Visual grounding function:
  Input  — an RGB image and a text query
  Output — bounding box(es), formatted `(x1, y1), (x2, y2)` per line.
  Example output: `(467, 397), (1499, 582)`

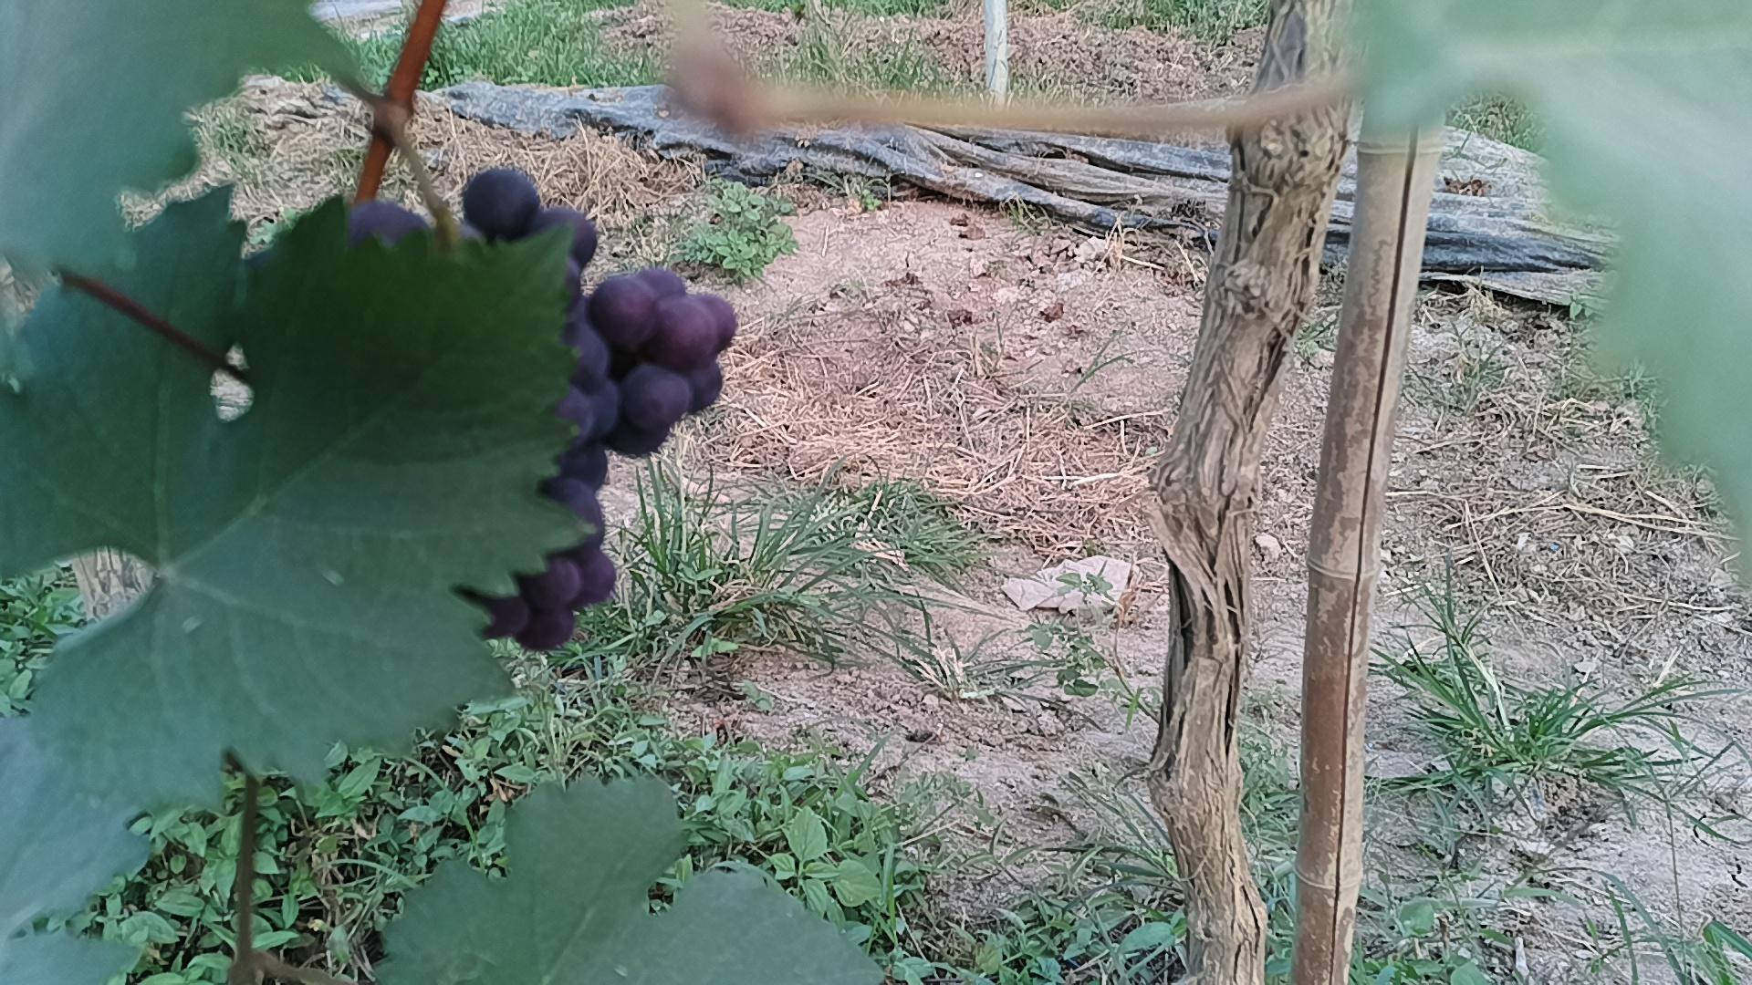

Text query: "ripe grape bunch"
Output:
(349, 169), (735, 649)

*Your task*. Repeat word for word the lines starting at the one with "a text query" and ending at the final line of the records above, both included; no pictures.

*Answer area*.
  Input  — an RGB image and a text query
  Output — bounding box(es), formatted `(x1, y1), (x2, y2)` per line.
  Example output: `(467, 397), (1499, 582)`


Text query: "ripe grape bunch"
Output:
(349, 169), (735, 649)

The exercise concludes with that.